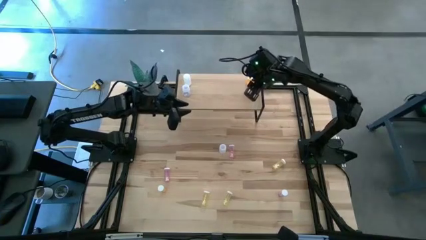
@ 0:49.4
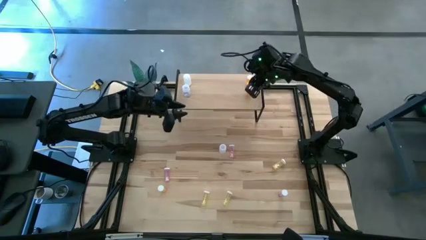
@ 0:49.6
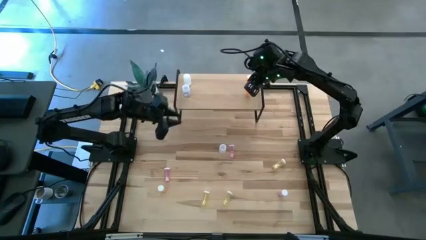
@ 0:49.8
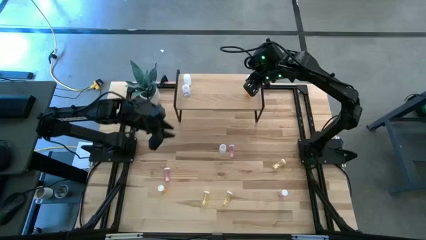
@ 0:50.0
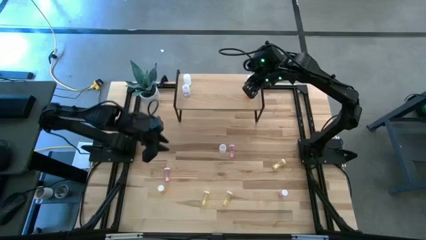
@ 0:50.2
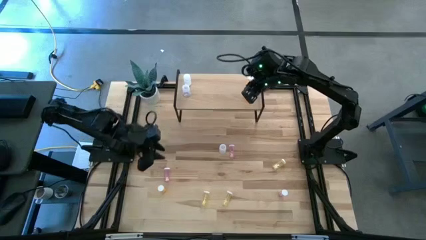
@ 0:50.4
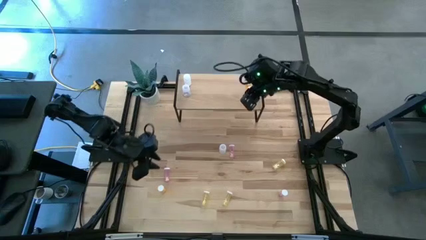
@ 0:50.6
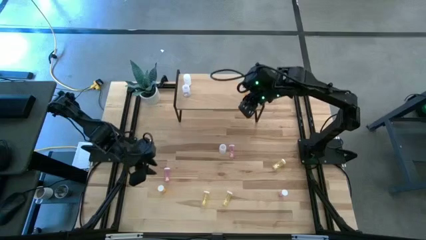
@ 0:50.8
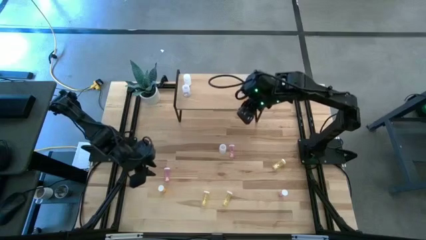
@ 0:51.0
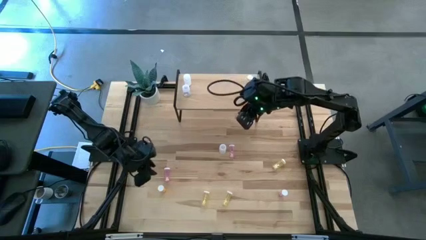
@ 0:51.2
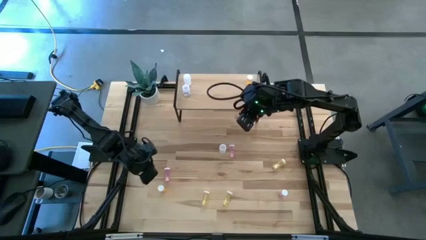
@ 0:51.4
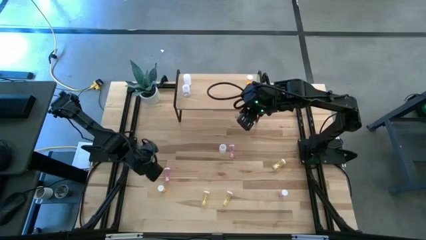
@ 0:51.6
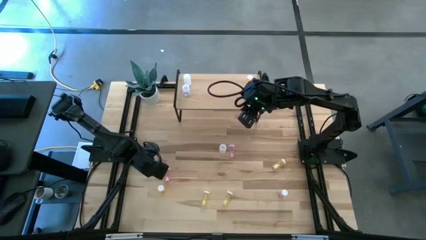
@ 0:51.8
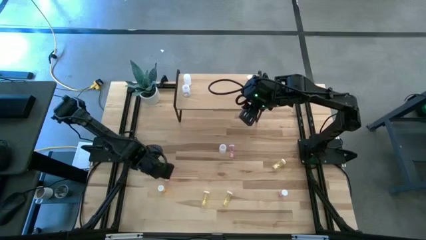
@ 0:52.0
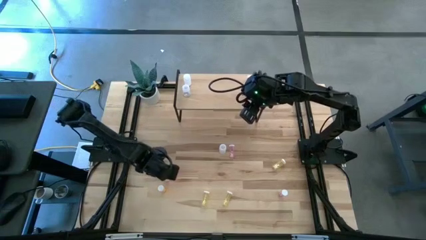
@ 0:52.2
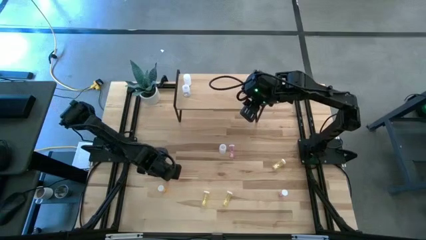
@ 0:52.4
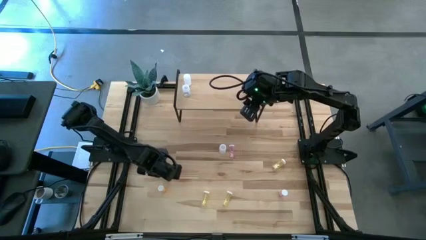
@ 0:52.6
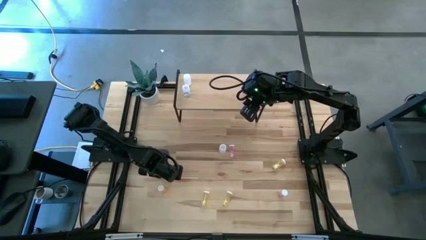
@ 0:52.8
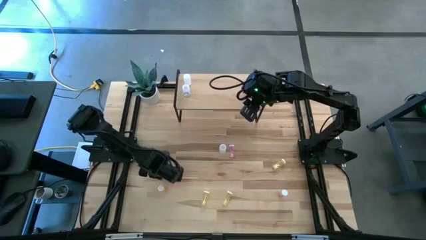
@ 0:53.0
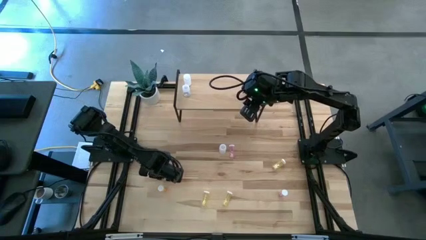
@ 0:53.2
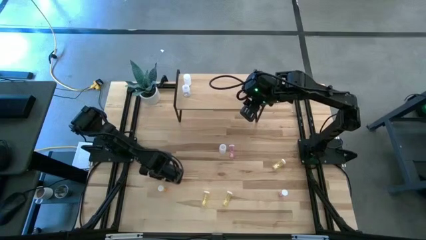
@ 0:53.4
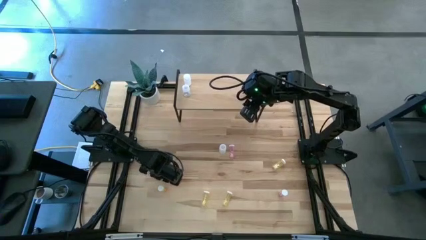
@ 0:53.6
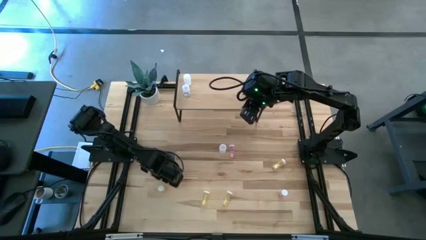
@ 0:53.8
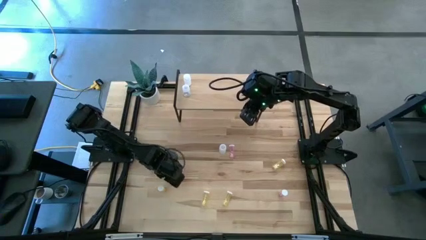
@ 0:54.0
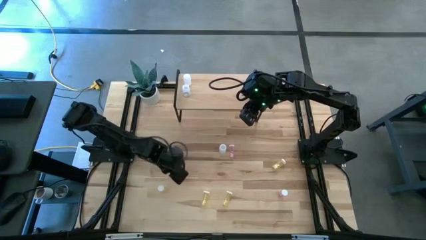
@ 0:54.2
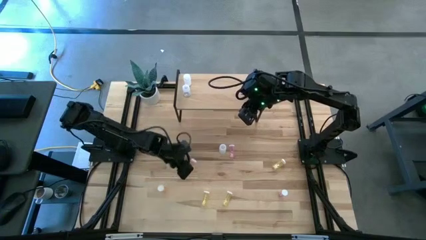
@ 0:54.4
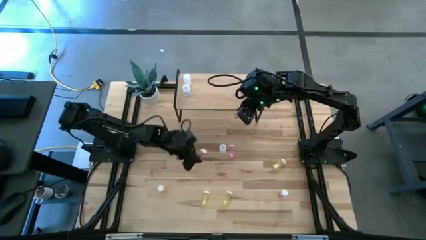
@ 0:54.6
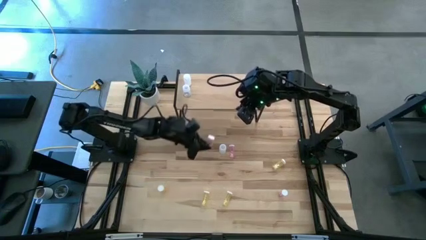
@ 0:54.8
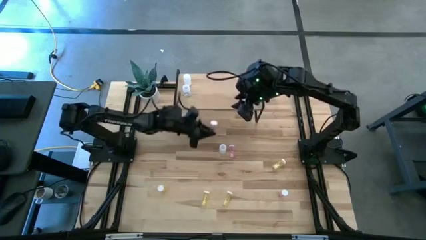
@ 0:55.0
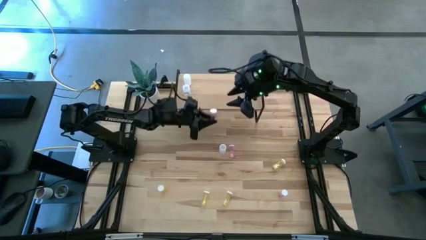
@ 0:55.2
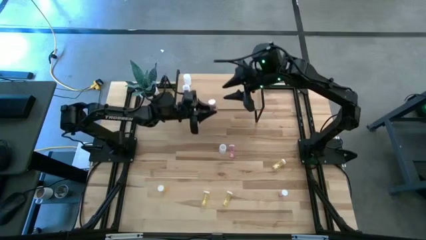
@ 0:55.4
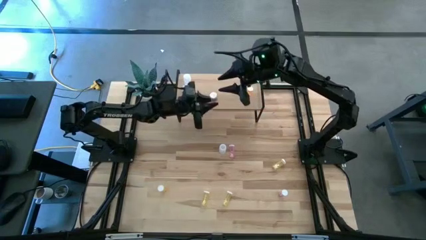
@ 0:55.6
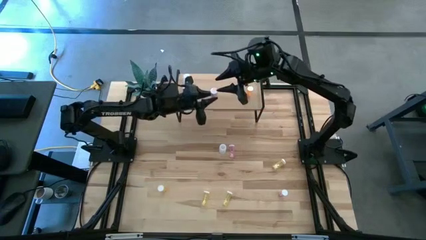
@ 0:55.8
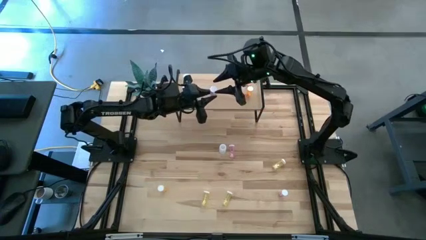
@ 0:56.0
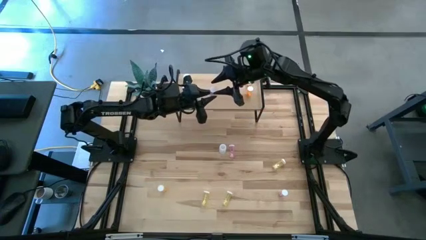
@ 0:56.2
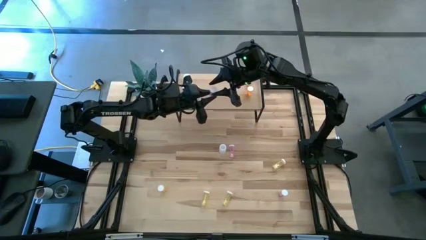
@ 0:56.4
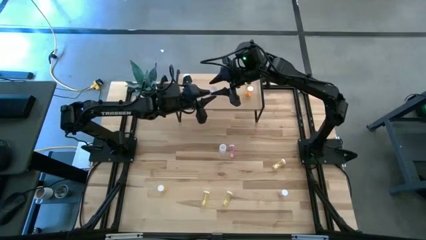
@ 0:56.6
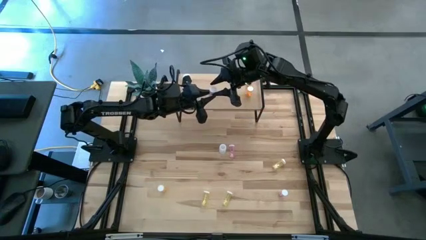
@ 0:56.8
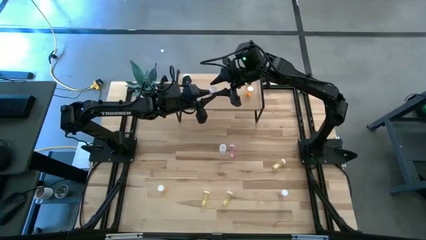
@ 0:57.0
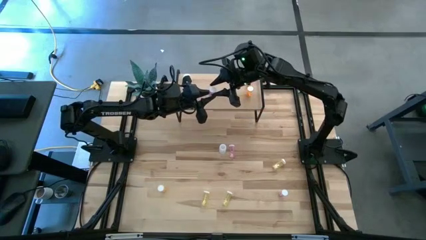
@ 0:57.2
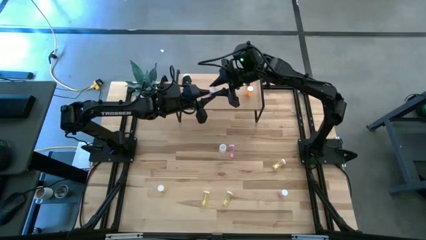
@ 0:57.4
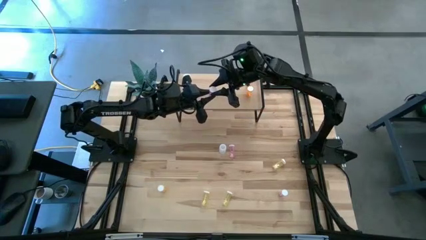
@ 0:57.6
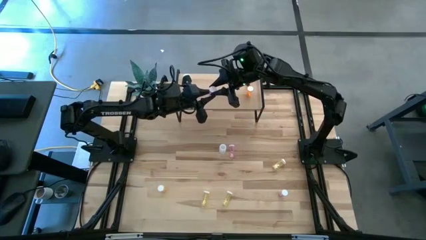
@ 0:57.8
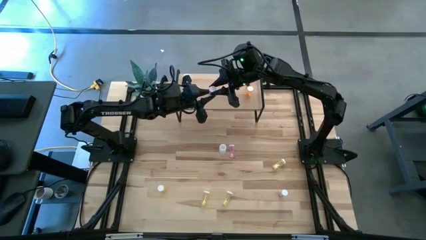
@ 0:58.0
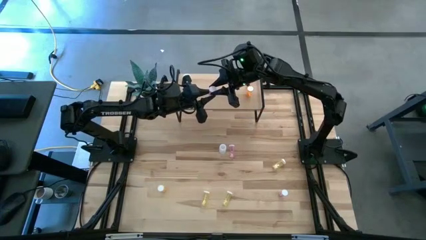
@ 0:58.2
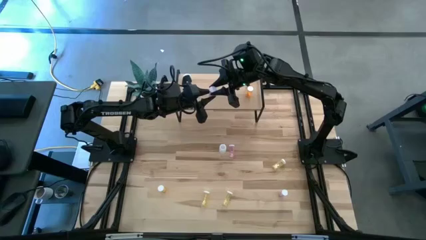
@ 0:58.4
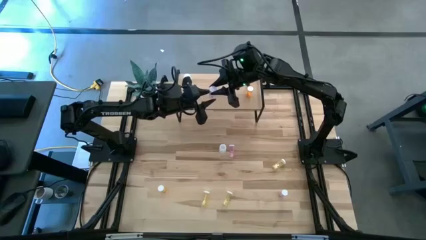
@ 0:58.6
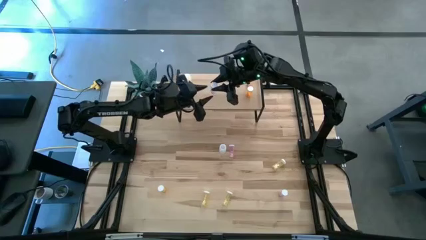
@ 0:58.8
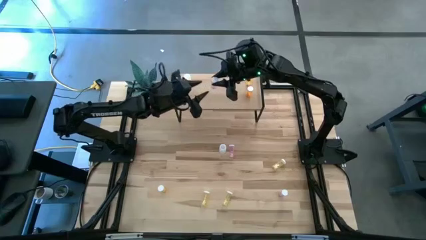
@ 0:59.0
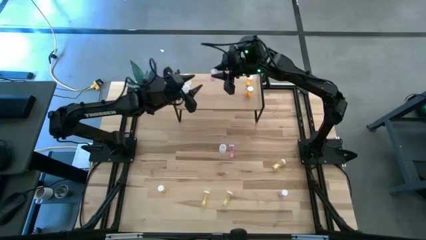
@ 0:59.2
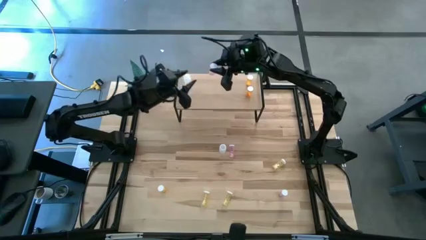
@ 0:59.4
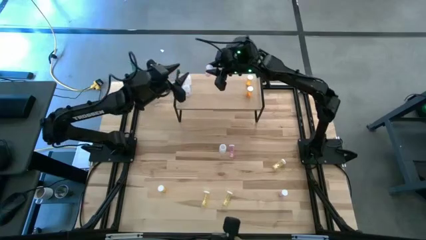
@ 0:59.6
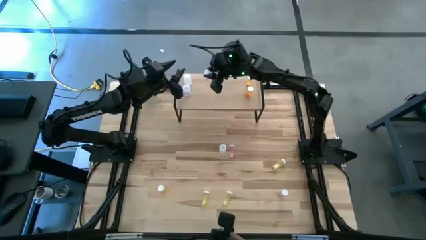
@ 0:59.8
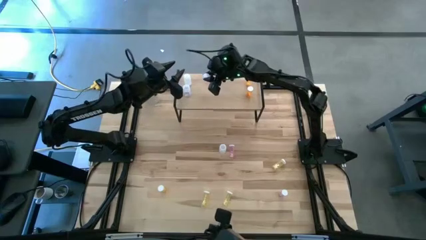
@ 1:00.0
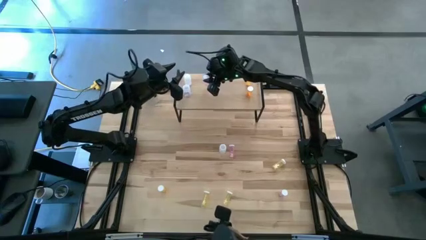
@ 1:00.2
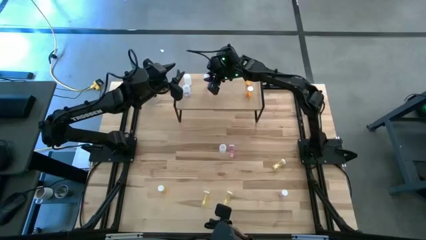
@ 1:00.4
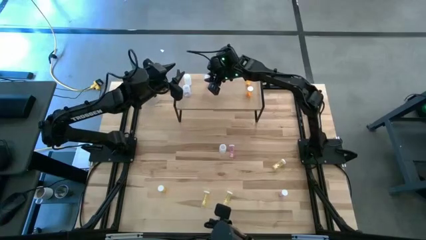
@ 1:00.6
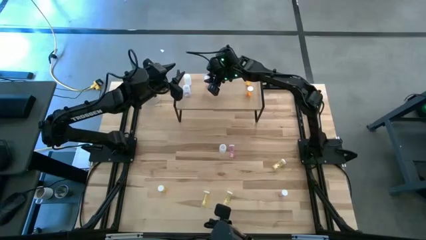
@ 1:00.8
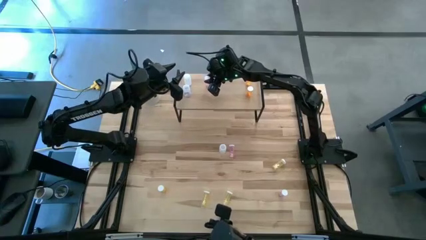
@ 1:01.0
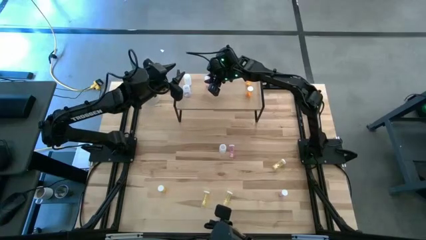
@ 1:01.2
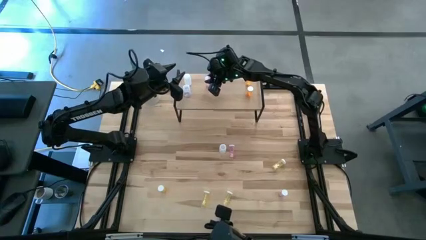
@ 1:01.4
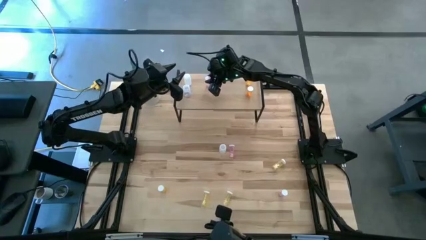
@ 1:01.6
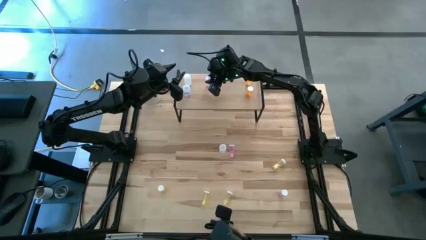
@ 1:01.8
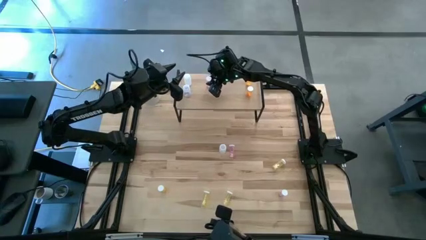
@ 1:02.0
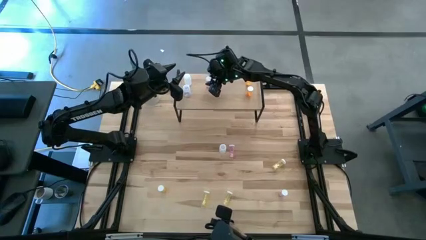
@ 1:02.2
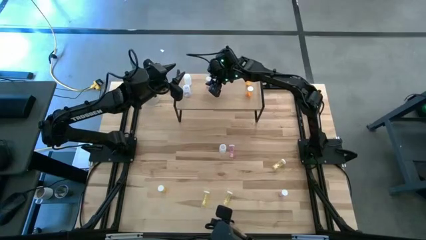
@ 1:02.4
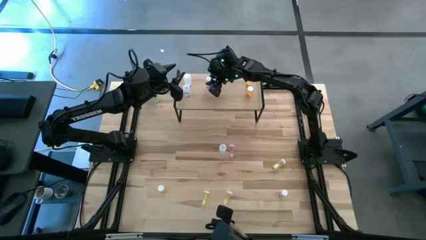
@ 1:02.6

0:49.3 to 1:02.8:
Task: Pick and place medicine bottles onto shelf by color
Put the left pink pill bottle on the shelf
-*-
## EXERCISE INSTRUCTIONS
Retype every record as it stands. None of the pictures should appear.

## REPLY
@ 0:49.4
@ 0:49.6
@ 0:49.8
@ 0:50.0
@ 0:50.2
@ 0:50.4
@ 0:50.6
@ 0:50.8
@ 0:51.0
@ 0:51.2
@ 0:51.4
@ 0:51.6
@ 0:51.8
@ 0:52.0
@ 0:52.2
@ 0:52.4
@ 0:52.6
@ 0:52.8
@ 0:53.0
@ 0:53.2
@ 0:53.4
@ 0:53.6
@ 0:53.8
@ 0:54.0
@ 0:54.2
@ 0:54.4
@ 0:54.6
@ 0:54.8
@ 0:55.0
@ 0:55.2
@ 0:55.4
@ 0:55.6
@ 0:55.8
@ 0:56.0
@ 0:56.2
@ 0:56.4
@ 0:56.6
@ 0:56.8
@ 0:57.0
@ 0:57.2
@ 0:57.4
@ 0:57.6
@ 0:57.8
@ 0:58.0
@ 0:58.2
@ 0:58.4
@ 0:58.6
@ 0:58.8
@ 0:59.0
@ 0:59.2
@ 0:59.4
@ 0:59.6
@ 0:59.8
@ 1:00.0
@ 1:00.2
@ 1:00.4
@ 1:00.6
@ 1:00.8
@ 1:01.0
@ 1:01.2
@ 1:01.4
@ 1:01.6
@ 1:01.8
@ 1:02.0
@ 1:02.2
@ 1:02.4
@ 1:02.6

0:49.3 to 1:02.8:
Task: Pick and place medicine bottles onto shelf by color
Put the left pink pill bottle on the shelf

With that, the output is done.